**Activity**: Scan the records for the string "down", then copy each line that has it.

>>>

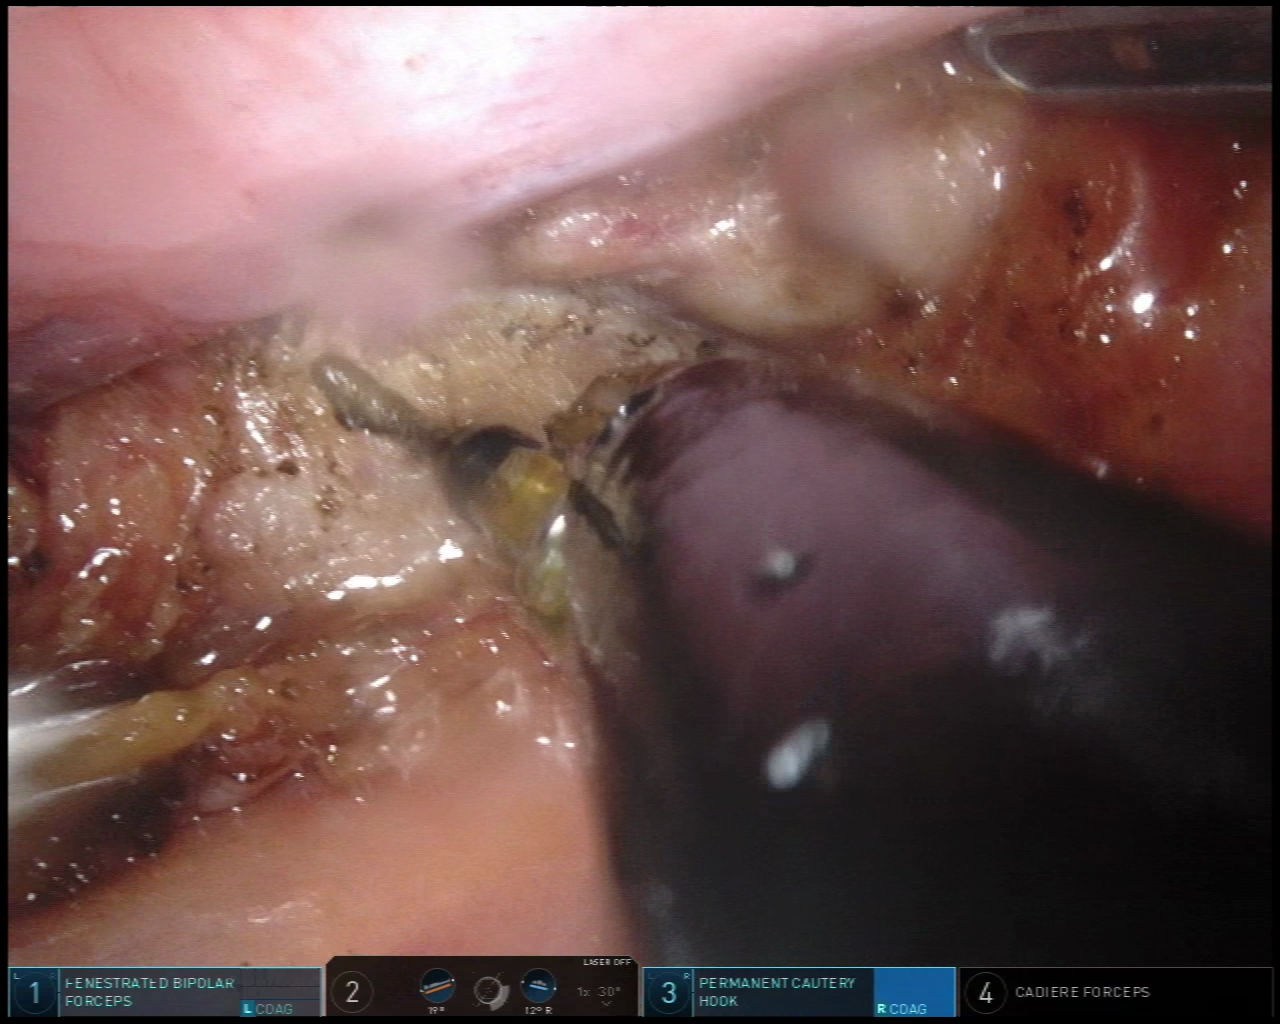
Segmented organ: vesicular_glands
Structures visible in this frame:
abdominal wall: no
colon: no
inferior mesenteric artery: no
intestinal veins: no
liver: no
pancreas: no
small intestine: no
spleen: no
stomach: no
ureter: no
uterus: no
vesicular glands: yes
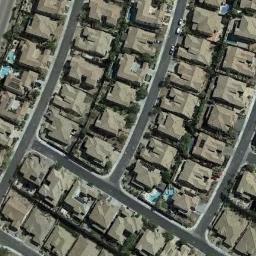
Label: dense_residential
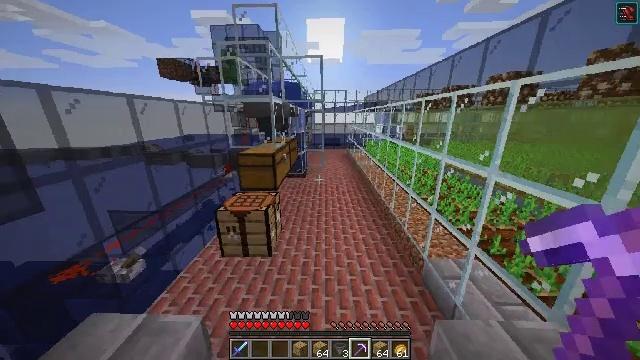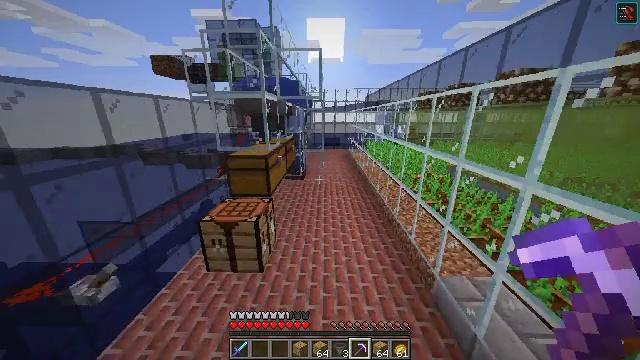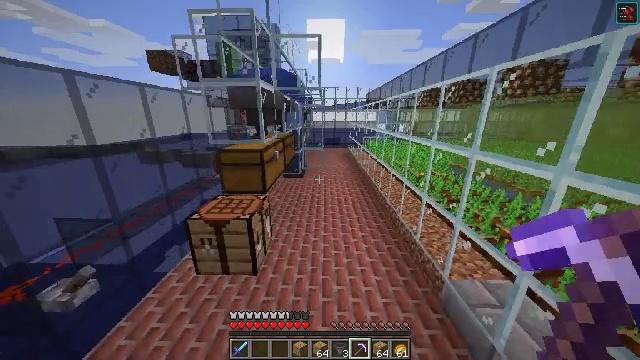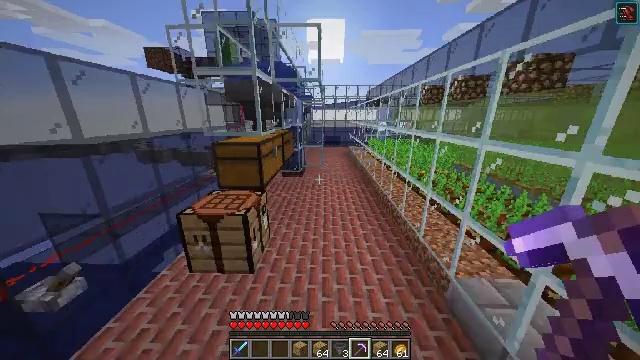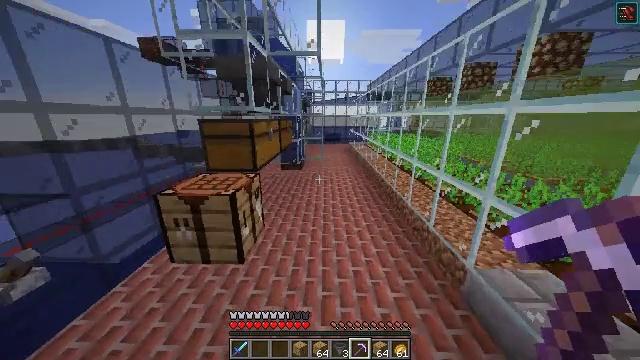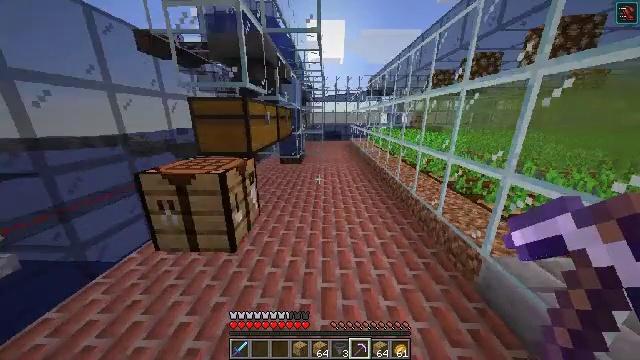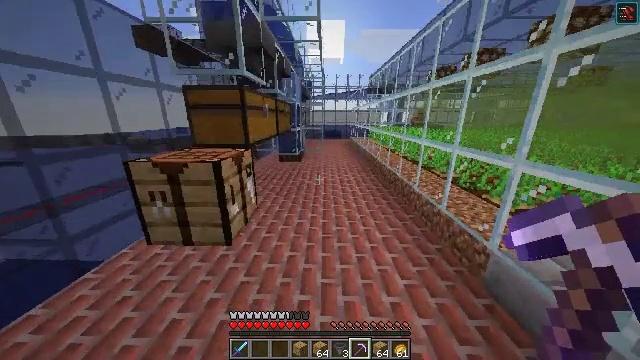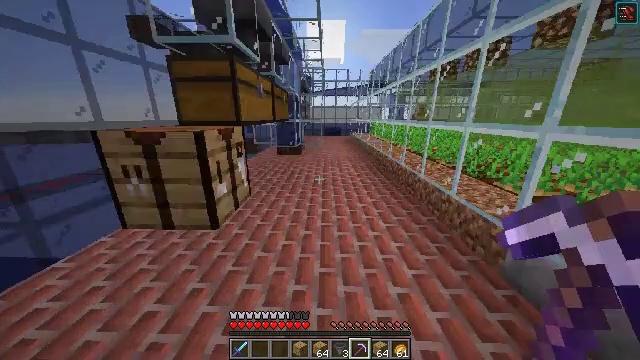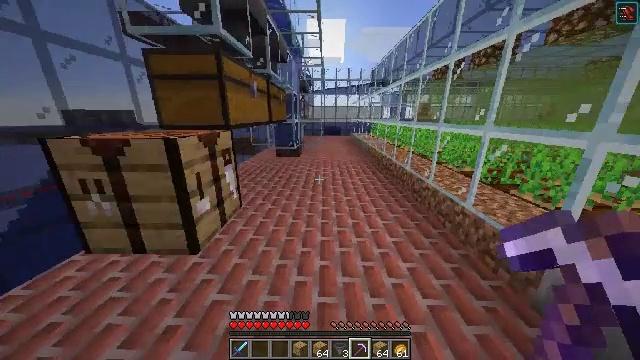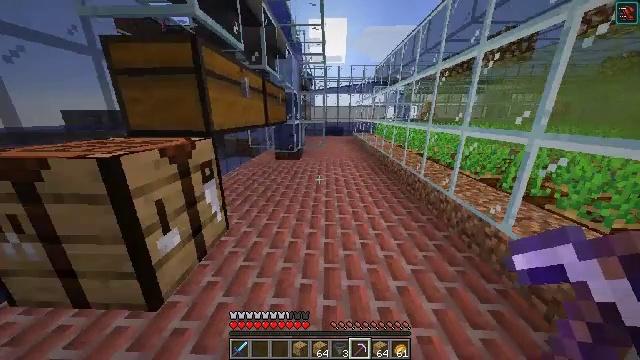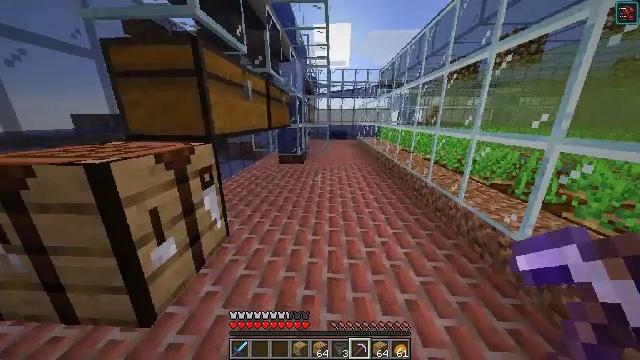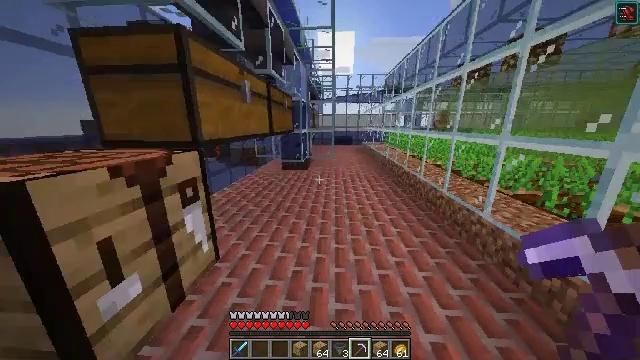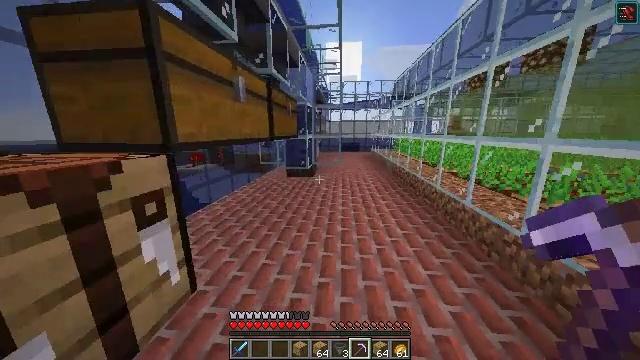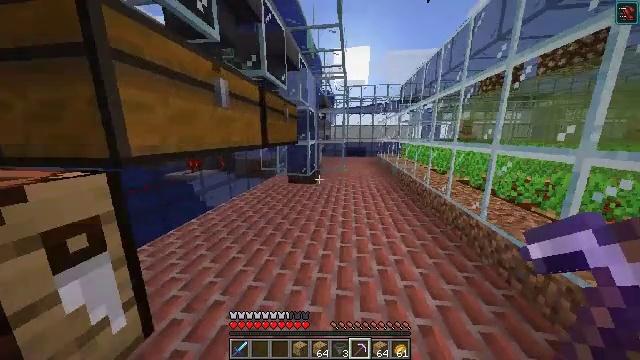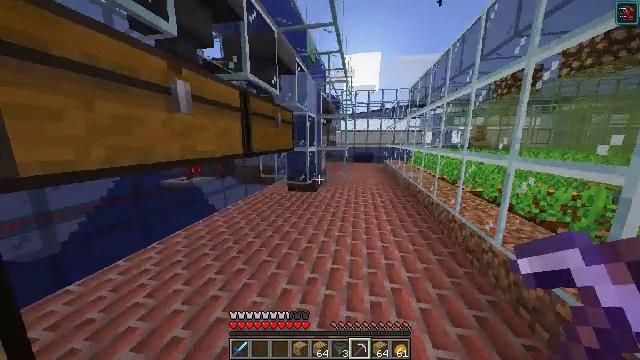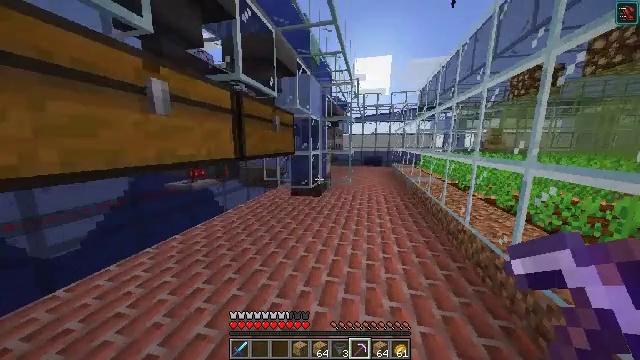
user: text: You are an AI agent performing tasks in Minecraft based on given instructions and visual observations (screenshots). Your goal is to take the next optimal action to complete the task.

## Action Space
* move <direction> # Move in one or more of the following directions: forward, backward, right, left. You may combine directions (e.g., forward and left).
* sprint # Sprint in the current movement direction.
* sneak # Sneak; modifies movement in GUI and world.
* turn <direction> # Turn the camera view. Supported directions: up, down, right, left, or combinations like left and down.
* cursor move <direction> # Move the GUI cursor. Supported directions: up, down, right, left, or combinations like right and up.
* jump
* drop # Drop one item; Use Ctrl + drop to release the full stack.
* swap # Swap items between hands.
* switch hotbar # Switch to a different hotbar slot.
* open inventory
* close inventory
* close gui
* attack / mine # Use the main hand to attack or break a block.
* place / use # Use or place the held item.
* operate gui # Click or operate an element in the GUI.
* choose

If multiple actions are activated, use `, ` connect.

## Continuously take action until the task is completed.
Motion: motion action
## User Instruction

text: Collect the hopper by mining it.
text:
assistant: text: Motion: move forward
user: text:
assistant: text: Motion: move forward
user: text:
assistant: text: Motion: move forward
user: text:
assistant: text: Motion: move forward
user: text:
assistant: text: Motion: move forward
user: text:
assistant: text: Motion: move forward
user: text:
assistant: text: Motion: move forward
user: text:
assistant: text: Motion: move forward
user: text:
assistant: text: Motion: move forward
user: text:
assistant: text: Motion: move forward, turn left
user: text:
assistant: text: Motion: move forward, turn left and up
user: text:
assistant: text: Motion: move forward and move right, turn left and up
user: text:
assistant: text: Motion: move forward and move right, turn left and up
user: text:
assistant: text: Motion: move forward and move right, turn left and up
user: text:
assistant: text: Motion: move forward and move right, turn left
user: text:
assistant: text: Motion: move forward and move right, turn left
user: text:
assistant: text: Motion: move forward and move right, turn left
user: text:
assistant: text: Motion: move forward and move right, turn left
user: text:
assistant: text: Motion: move forward, turn left and up
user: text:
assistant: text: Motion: move forward, turn left and up
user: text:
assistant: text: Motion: move forward
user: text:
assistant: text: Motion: move forward
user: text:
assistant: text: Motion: move forward and move right
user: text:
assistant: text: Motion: move forward and move right
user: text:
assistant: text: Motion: move forward and move right
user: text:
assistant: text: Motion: move forward and move right
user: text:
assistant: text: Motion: move forward and move right
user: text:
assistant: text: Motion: move forward and move right, turn left
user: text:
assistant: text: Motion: move forward and move right, turn left
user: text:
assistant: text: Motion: move forward and move right, turn left
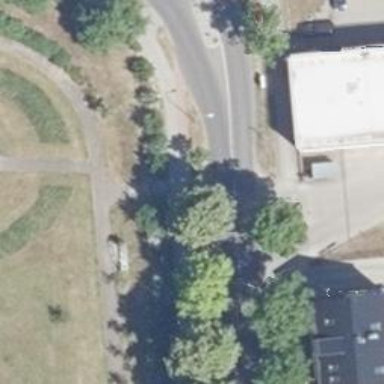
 featuring sidewalks on both sides and cycle track."
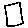
Label: square
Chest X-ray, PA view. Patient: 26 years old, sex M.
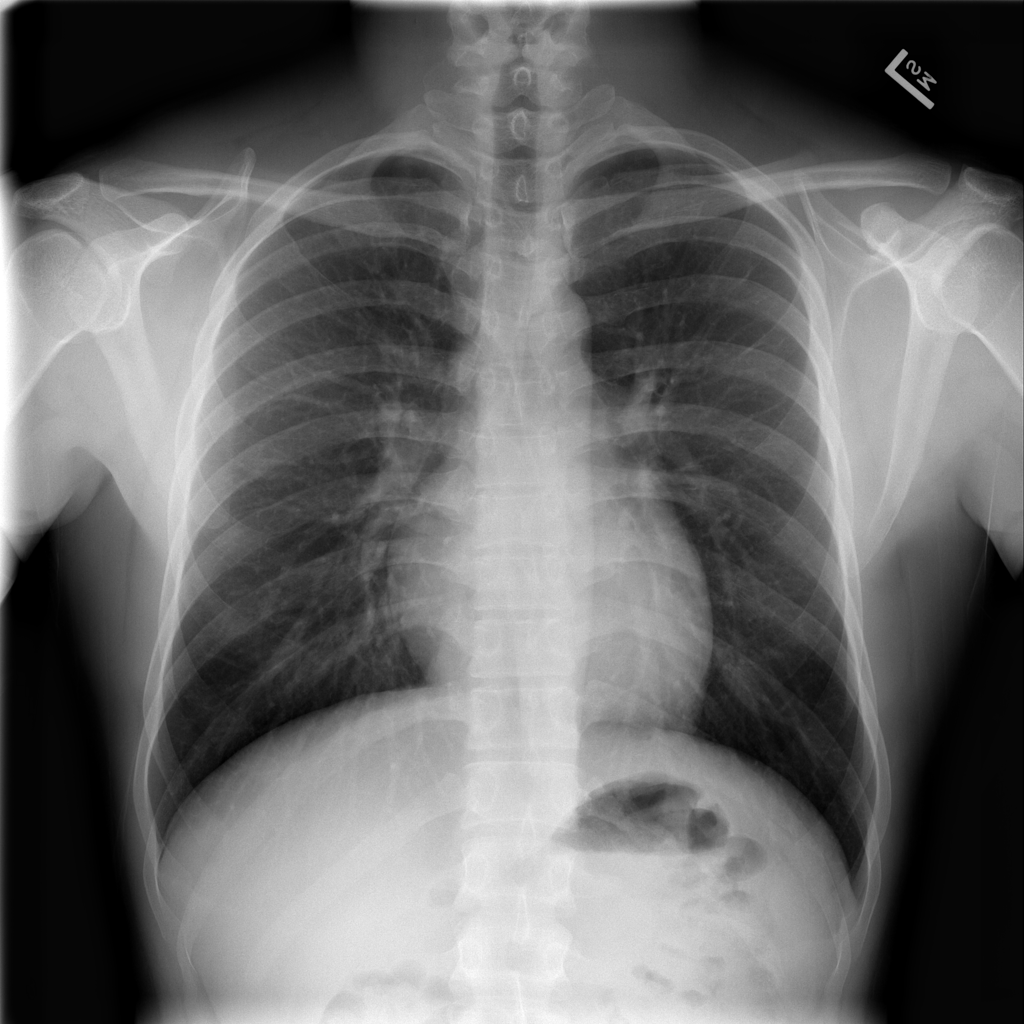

<<<

**Response to the exercise**:
* turn <direction> # Turn the camera view. Supported directions: up, down, right, left, or combinations like left and down.
* cursor move <direction> # Move the GUI cursor. Supported directions: up, down, right, left, or combinations like right and up.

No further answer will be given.